18 oct 2021

Sault, the mysterious London collective whose last album self-destructed

Since the release of their excellent debut album in 2019   5which mixes soul, funk, post-punk and sometimes trip-hop, the members of Sault have never played their music live, have not revealed their name and even cultivate a secret about their number. Their last album, Nine, was deleted by them ninety-nine days after it was unveiled, making the soul collective the most punk band of the moment.

Sault’s album “Nine”, released in June 2021 on the Forever Living Originals label and removed from platforms ninety-nine days later.

It is not so uncommon, when looking for an artist’s album on streaming platforms, that it is nowhere to be found. This is often due, for example, to the mixtape Nostalgia, Ultra (2011) Frank Ocean, to disputes with other musicians who claim plagiarism and declare the samples of their melodies illegal. These masterpieces were then only available on YouTube, in their unofficial version, to the great displeasure of those who produced them… And fans too. However, it sometimes happens that some records self-destruct. This is the case of Nine, the fifth album by the mysterious London collective Sault, which, at the request of its authors, was deleted ninety-nine days after its release. 

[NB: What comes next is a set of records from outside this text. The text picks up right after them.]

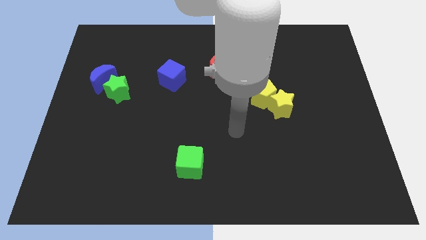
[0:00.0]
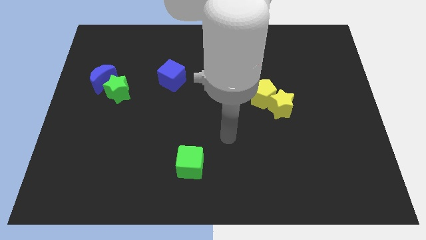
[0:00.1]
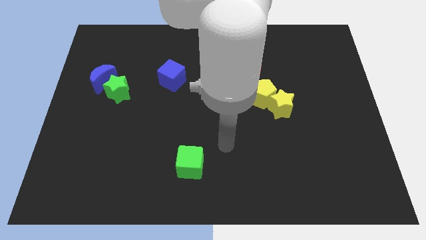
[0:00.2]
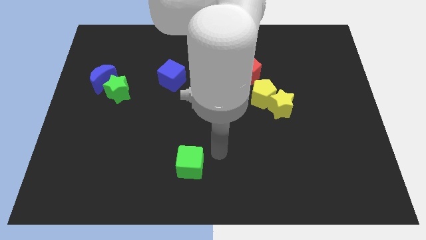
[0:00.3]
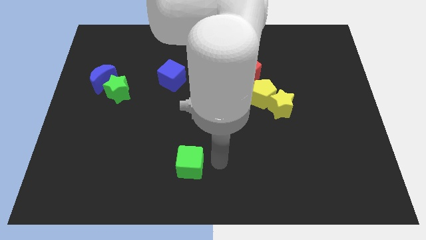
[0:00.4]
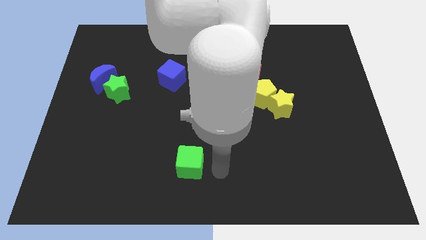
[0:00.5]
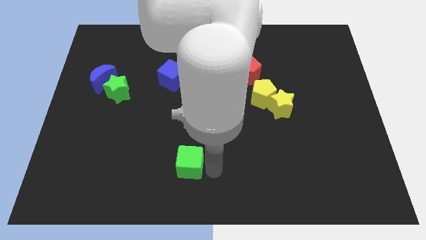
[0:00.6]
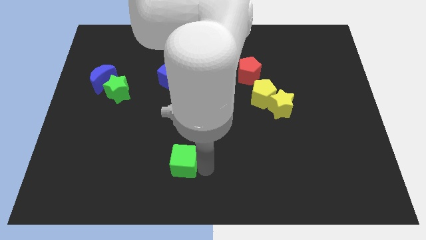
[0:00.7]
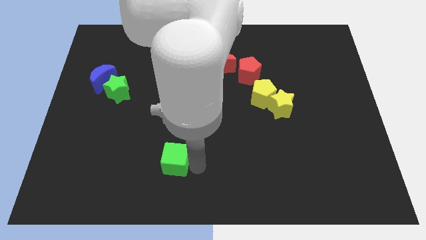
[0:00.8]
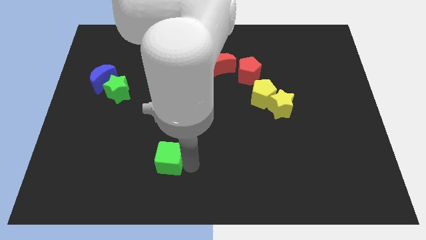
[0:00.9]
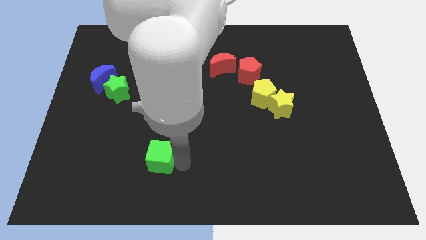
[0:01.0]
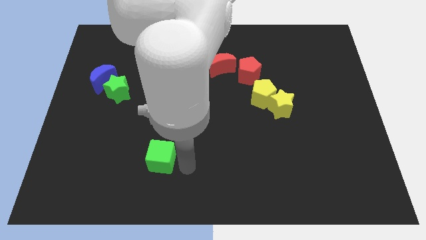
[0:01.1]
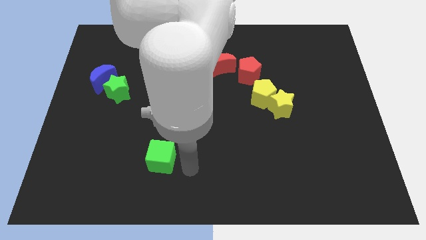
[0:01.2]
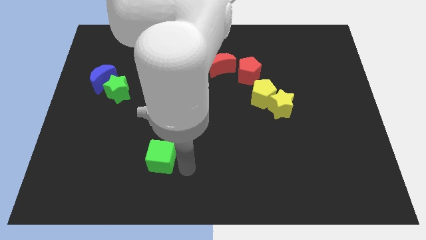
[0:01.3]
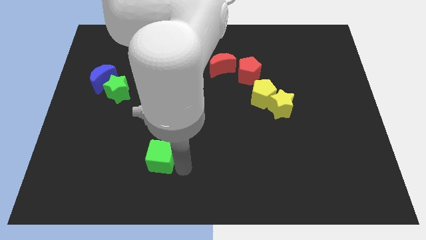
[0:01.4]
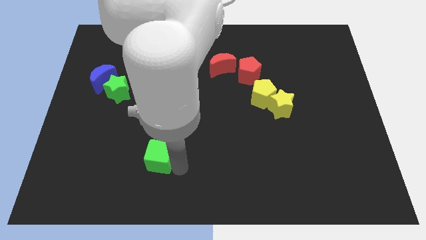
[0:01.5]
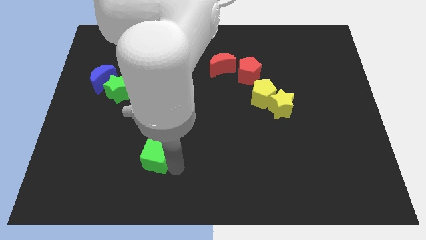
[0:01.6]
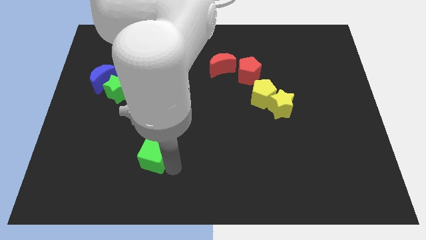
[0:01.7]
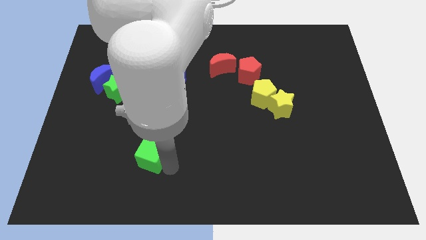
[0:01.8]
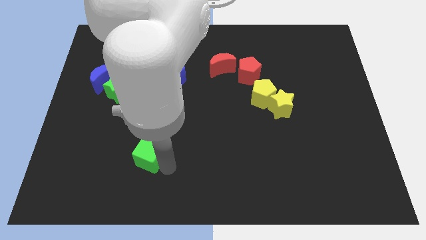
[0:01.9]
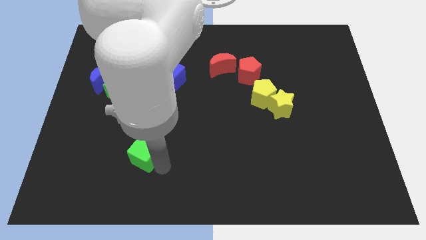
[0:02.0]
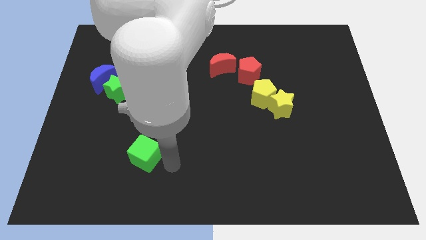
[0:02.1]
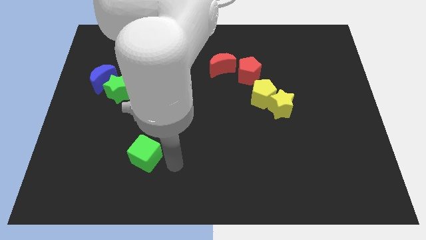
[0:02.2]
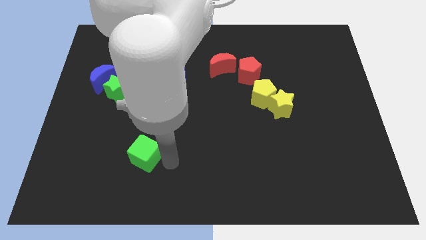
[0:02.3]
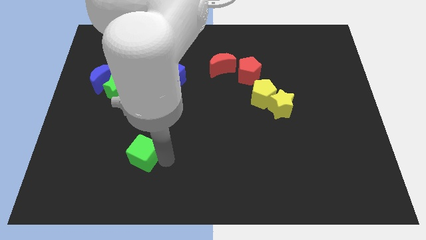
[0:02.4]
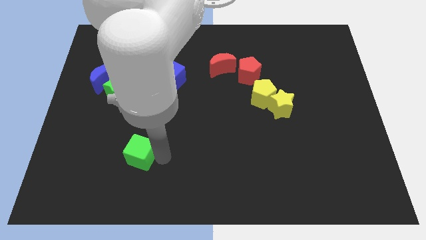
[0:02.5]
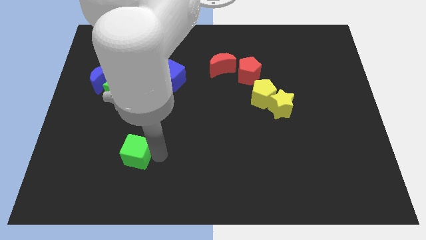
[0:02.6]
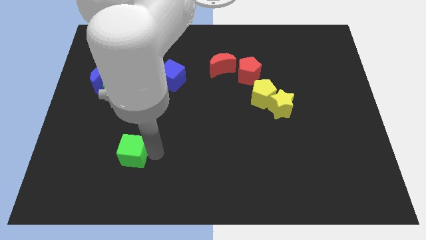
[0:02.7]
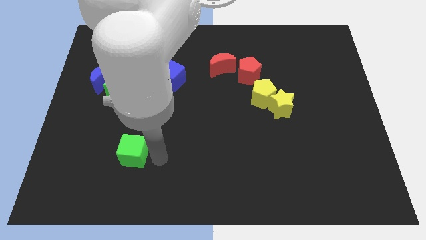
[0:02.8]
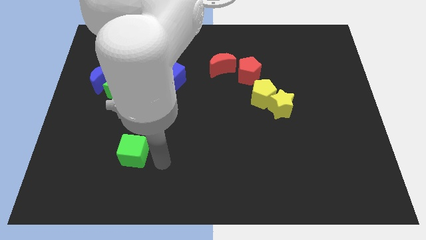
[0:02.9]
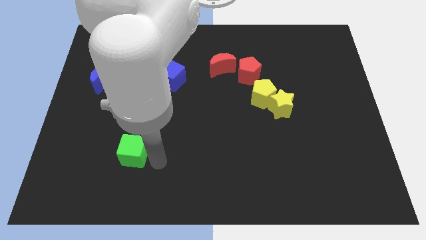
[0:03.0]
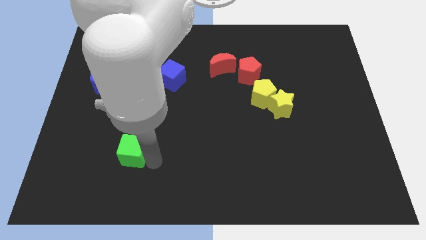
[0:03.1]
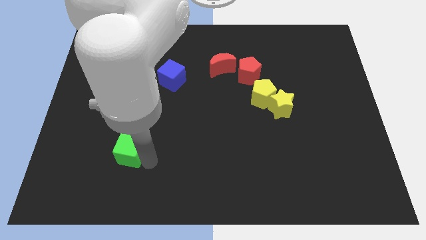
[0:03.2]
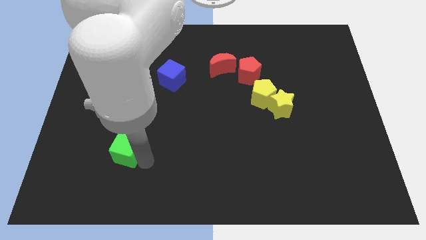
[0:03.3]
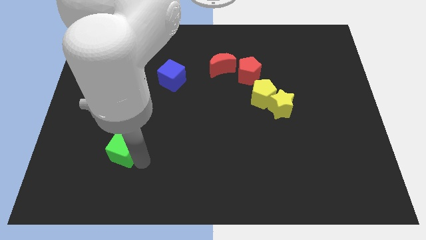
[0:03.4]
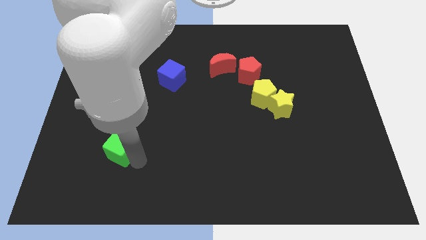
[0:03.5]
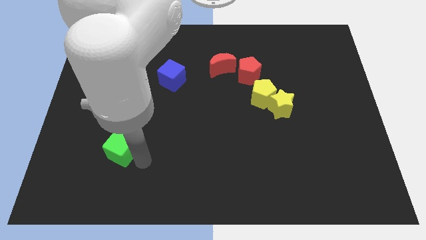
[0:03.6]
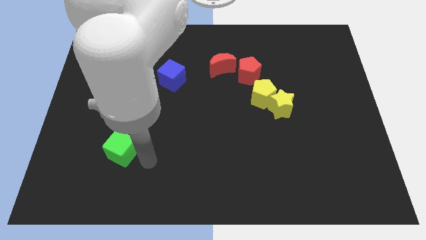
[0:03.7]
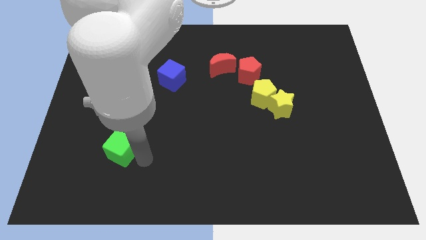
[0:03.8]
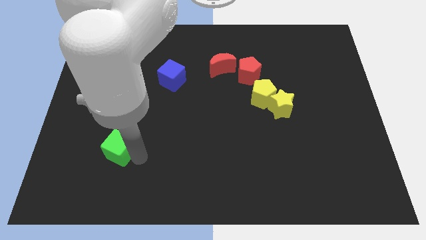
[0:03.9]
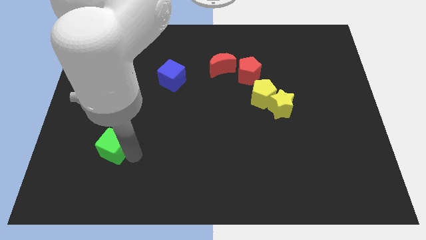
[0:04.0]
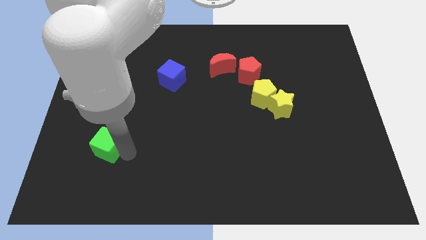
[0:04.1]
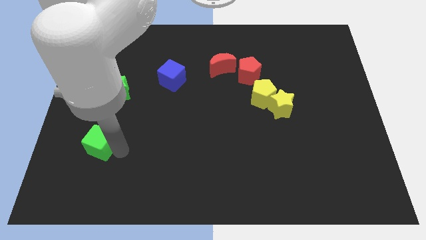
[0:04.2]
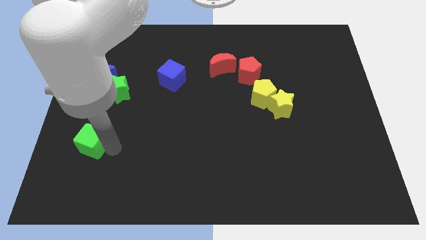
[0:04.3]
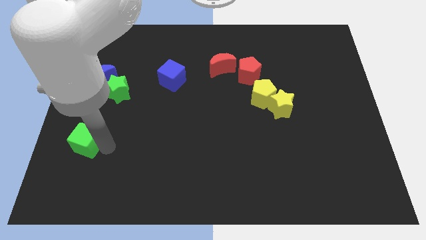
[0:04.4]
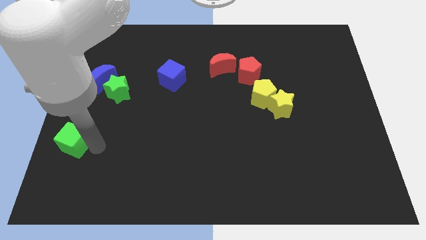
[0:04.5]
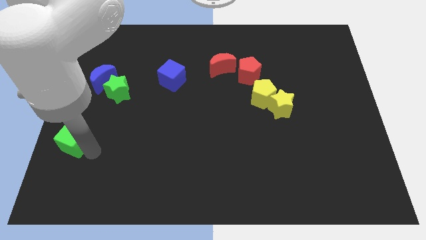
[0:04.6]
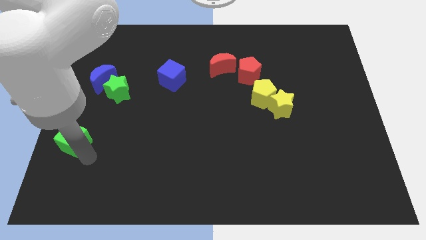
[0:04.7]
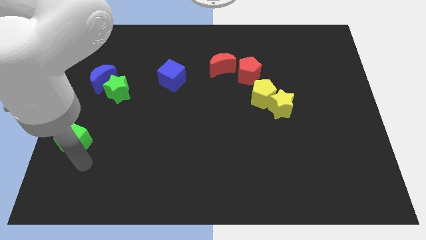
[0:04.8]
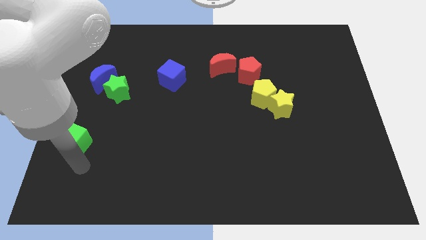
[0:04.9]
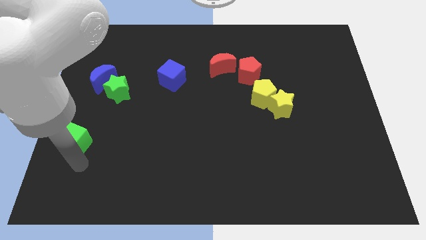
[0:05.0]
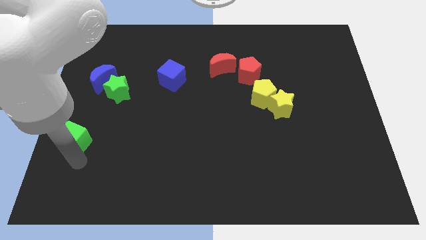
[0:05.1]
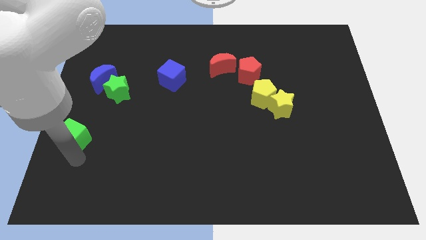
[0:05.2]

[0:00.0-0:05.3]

You have to be very bold, probably a little punk and a bit anti-capitalist to give up royalties, but also the recognition that an opus can generate. Unveiled almost a year after the band’s two twin albums, Untitled (Black Is) and Untitled (Rise), released in 2020 and echoing the Black Lives Matter protests, Nine arrives on June 25, 2021 and, according to a post by Sault on his Instagram account, remains available for purchase and streaming until October 2. Then, this story of the childhoods spent in social housing projects in London, where the members of the collective are from, disappeared, leaving behind, on YouTube, a pirated and slightly sizzling recording.

To understand the meaning of this brutal, committed and enigmatic eradication, we must look at identity for a moment – musical, visual and simply personal – of the band, which clearly wanted to hit as hard as Radiohead at the exit ofIn Rainbows, and thumb its nose at the industry, which, despite the streams it has earned on Spotify or Apple, pays artists too little (or not at all). While Thom Yorke’s band released the first album to download online, at a free price, in 2007, and invented (unintentionally) streaming, Sault unveils a record with a sober track, whose sleek cover displays “NINE” on a black background, written with matches. These same matches that will be, like the album, consumed in three, two, one… zero.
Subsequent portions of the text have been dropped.